Витя был очень суеверным, не любил цифру тринадцать, а у него
в самолете оказалось тринадцатое место. Он снял пиджак, где лежал
его паспорт и билет, которые потом нашли среди обломков. Пиджак
был кожаный, он его купил в Чехословакии. В мае было уже жарко
— он и снял пиджак... — Вот такая история.
— Почему Виктор все-таки испытывал некий комплекс насчет
своего места в драматическом театре? Это был обычный вариант для
артиста, который совмещает игру в серьезном театре с работой на
эстраде (со всеми вытекающими отсюда последствиями: конфликты
с режиссером, зависть коллег, у которых мизерные заработки, вечная
нехватка времени...)? Или что-то другое было подоплекой
конфликта?
— Люди на эстраду приходят разными путями. Он пришел от
невозможности реализовать в театре полностью свою природу, свое
дарование. На мой взгляд, он был очень одаренный человек, артист.
Если не сказать больше. Но не надо забывать, что Витина
индивидуальность, хрупкая, инфантильная, входила в противоречие
со всем имиджем советского героя. Он никак не укладывался в это
прокрустово ложе. У него была слишком нежная душа, которая явно
не отвечала потребностям строителя светлого коммунистического
будущего. Чувствующий человек нужен был только тогда, когда
требовалось показать чувство горечи при утрате партийного билета
или невыполнении производственного плана. А чисто человеческие
переживания не ценились...
Вообще я думаю, что Роман Виктюк — режиссер, до которого
Витя просто не дожил... Когда смотрю спектакль «Служанки» или
какую-то другую фактуру сегодняшнюю, странную, изломанную, то
невольно вспоминаю актера Чистякова. Конечно, он попал в
безвременье, пришел в театр, когда уже не было ни Таирова, ни
Вахтангова, их идеи были преданы забвению, а был уже просто
кондовый советский театр. А если был не кондовый театр
«Современник», то Витя никак не годился туда, потому что он был
как актерская данность абсолютно асоциален.
— Ну а много позже, со своим режиссером, его карьера в театре
могла бы сложиться?
— Уверен, могла бы, но не в этом театре.
— Не в Комиссаржевке или не в Театре Гоголя?

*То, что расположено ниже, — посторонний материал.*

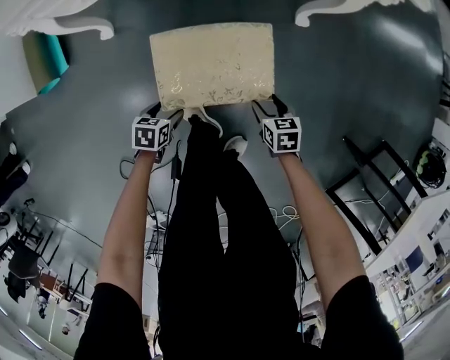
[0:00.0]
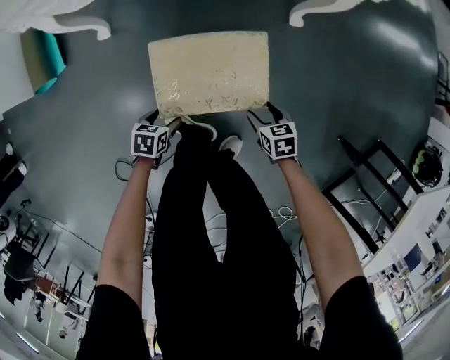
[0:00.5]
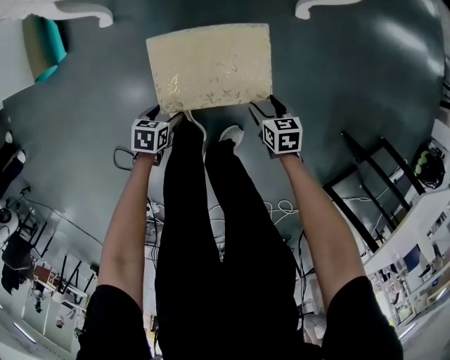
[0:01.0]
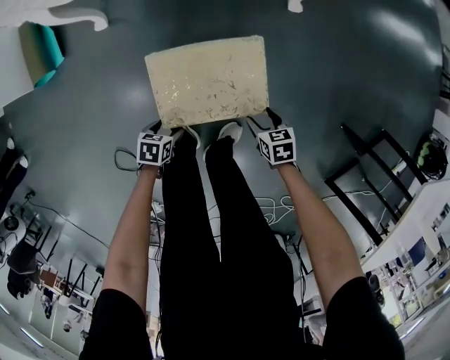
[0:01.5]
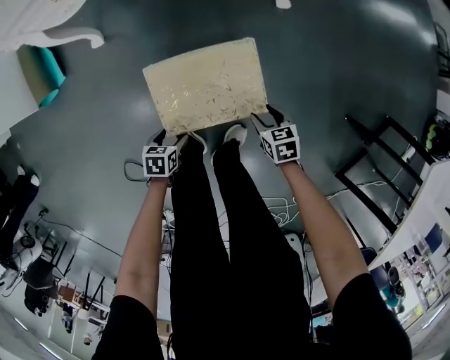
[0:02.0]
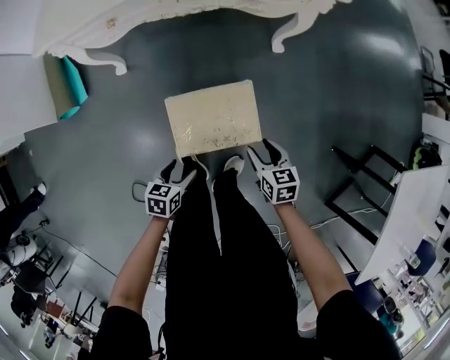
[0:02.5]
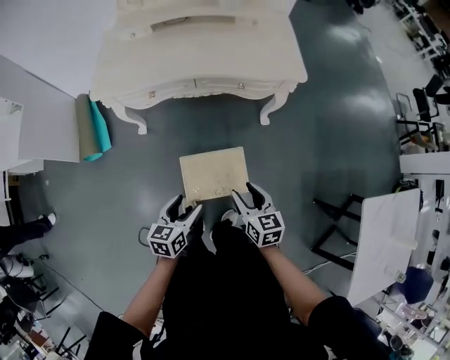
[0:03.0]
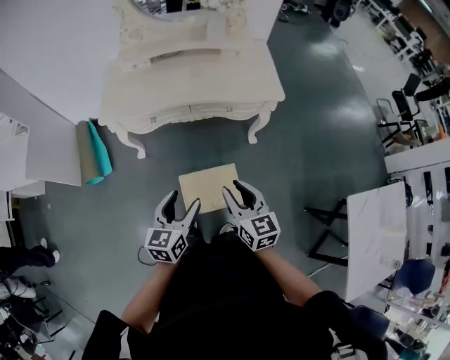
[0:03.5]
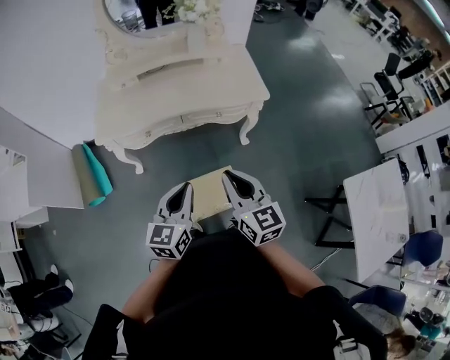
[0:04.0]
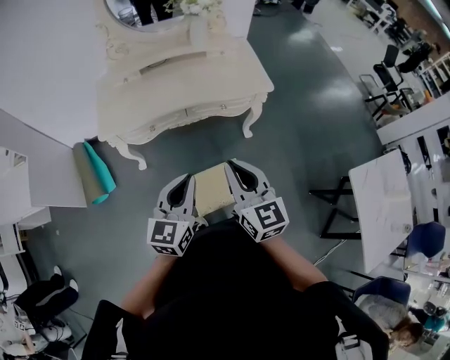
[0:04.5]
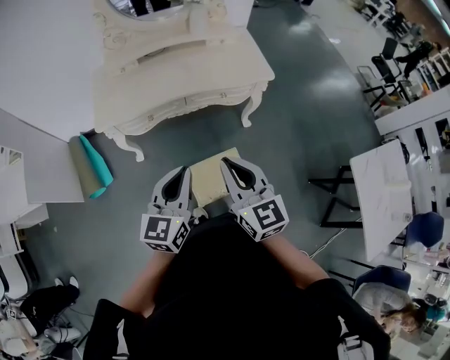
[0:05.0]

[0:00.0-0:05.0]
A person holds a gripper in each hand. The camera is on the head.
0:00.0 to 0:02.5: The grippers both shift upward and backward by about 20 cm.
0:02.5 to 0:05.0: Both grippers travel together upward, about 50 cm. The right gripper angles its fingers upward, by roughly 40 degrees, and closes up. The left gripper tips its fingers upward by about 40 degrees, and closes its fingers.

— Нет, в театре Гоголя вообще ничего не могло произойти. Вите
тогда нужен был чисто географический переезд. Нужно было просто
въехать в Москву. Помню, когда-то Витя мне рассказывал, что с ним
вроде бы вел разговор Олег Николаевич Ефремов после того, как
посмотрел Чистякова на каком-то актерском вечере. Правда, насколько
это было реальным, мне сказать трудно...
— Вообще-то главная его цель была в создании именно своего
театрального коллектива. Не так ли? Вроде бы в Москве ему
обещали помочь с помещением, чуть ли не от Фурцевой, тогдашнего
министра культуры, было получено «добро» на создание такого
оригинального театра пародий Чистякова, в некотором смысле слова,
прообраза тех театров-студий, которые сейчас есть у многих
знаменитых артистов. В том числе и у вас, Геннадий Викторович...

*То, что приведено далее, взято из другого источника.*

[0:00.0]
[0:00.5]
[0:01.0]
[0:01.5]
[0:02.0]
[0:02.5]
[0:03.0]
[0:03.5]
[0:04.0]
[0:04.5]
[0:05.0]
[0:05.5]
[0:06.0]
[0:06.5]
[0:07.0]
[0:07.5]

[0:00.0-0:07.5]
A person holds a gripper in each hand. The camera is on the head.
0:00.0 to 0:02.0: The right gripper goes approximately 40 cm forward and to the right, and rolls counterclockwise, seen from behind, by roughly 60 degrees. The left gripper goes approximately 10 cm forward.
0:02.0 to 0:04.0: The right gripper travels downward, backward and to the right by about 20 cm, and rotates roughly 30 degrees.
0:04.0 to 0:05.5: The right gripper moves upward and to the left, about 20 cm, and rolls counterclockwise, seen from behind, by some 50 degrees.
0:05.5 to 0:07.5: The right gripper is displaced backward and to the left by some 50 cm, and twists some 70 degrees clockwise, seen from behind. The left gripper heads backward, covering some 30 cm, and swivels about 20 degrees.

— Плохо верю в реальность этой легенды. Это могло быть в
каком-то эксцентрическом порыве сказано Екатериной
Алексеевной. Фурцева ведь могла наобещать такого светлого
будущего. Витя всегда был человеком увлекающимся, мог принять
это как какую-то данность. Я что-то плохо представляю, чтобы был
в Москве создан новый театр Чистякова.
Хотя кто знает... Мы всегда жили и живем в непредсказуемой
стране, и, отрицая сегодня эту мысль, насчет серьезности заявления
Фурцевой, я вдруг подумал: Бог его знает, может быть, и могло
быть!..
— Не случалось ли вам с ним вести разговоры об отъезде?

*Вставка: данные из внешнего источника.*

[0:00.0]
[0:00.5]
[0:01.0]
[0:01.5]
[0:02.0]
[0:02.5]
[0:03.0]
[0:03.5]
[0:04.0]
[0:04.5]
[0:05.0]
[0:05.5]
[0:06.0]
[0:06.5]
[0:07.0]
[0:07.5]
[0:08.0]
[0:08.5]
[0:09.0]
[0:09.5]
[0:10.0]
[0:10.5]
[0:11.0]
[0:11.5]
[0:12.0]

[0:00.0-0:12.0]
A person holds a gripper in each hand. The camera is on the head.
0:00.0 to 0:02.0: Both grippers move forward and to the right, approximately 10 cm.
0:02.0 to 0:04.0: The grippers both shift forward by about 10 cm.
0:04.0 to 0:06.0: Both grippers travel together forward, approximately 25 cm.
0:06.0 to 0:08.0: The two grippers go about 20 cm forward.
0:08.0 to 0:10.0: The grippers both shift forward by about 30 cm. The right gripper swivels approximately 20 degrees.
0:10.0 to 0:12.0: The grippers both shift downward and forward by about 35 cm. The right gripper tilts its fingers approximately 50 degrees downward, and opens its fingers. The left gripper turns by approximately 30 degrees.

Почему говорят, что он был готов уехать даже не в западные страны,
а, к примеру, в Чехословакию?..
— Мне очень трудно вспоминать насчет Чехословакии. Я знаю,
что у него была очень тесная дружба с одним чехом. Я никогда не
задавал себе вопросы о потаенных сторонах жизни Вити. Но,
повторяю, у меня нет никаких оснований, а самое главное, нет
желания в этом копаться. Я считаю, что это глубоко личное дело
каждого человека.
Я не исключаю, что желание поехать в Чехословакию было
продиктовано какими-то чисто дружескими моментами. К тому же
Витя, очень хорошо владея своим аппаратом, наверное, мог бы
делать какие-то интернациональные пародии. Тем не менее так
серьезно об этом он со мной разговора на эти темы никогда не вел.
Был очень русским человеком в самом лучшем смысле этого слова.
Никоим образом не зараженным национализмом и неприятием
какой-то другой нации — упаси Боже! Был русским интеллигентом
из очень простой семьи.
— Почему с его уходом такой благодатный, раскрученный
Чистяковым жанр, как музыкальная пародия, практически
прекратился?
— Я, наоборот, считаю, что он тогда-то и начался. А что все
люди, которые стали работать в этом жанре, по чьей дорожке шли?
— Значит, люди были не очень выразительные, или такие, как
Владимир Винокур, не так долго служили жанру...
— Почему?! Винокур до сих пор служит.
Знаете, почему у вас возникает ощущение пустоты после гибели
Вити в его жанре? Не нашлось людей такой одаренности — это
самое главное. А количественно было море этих людей. Достаточно
сказать, что на следующий год после смерти Вити на всероссийском
конкурсе появился человек, который с ним даже когда-то учился. И
буквально через год сделал головокружительную карьеру... Только
это все погасло мгновенно. Был такой Павел Корсаков.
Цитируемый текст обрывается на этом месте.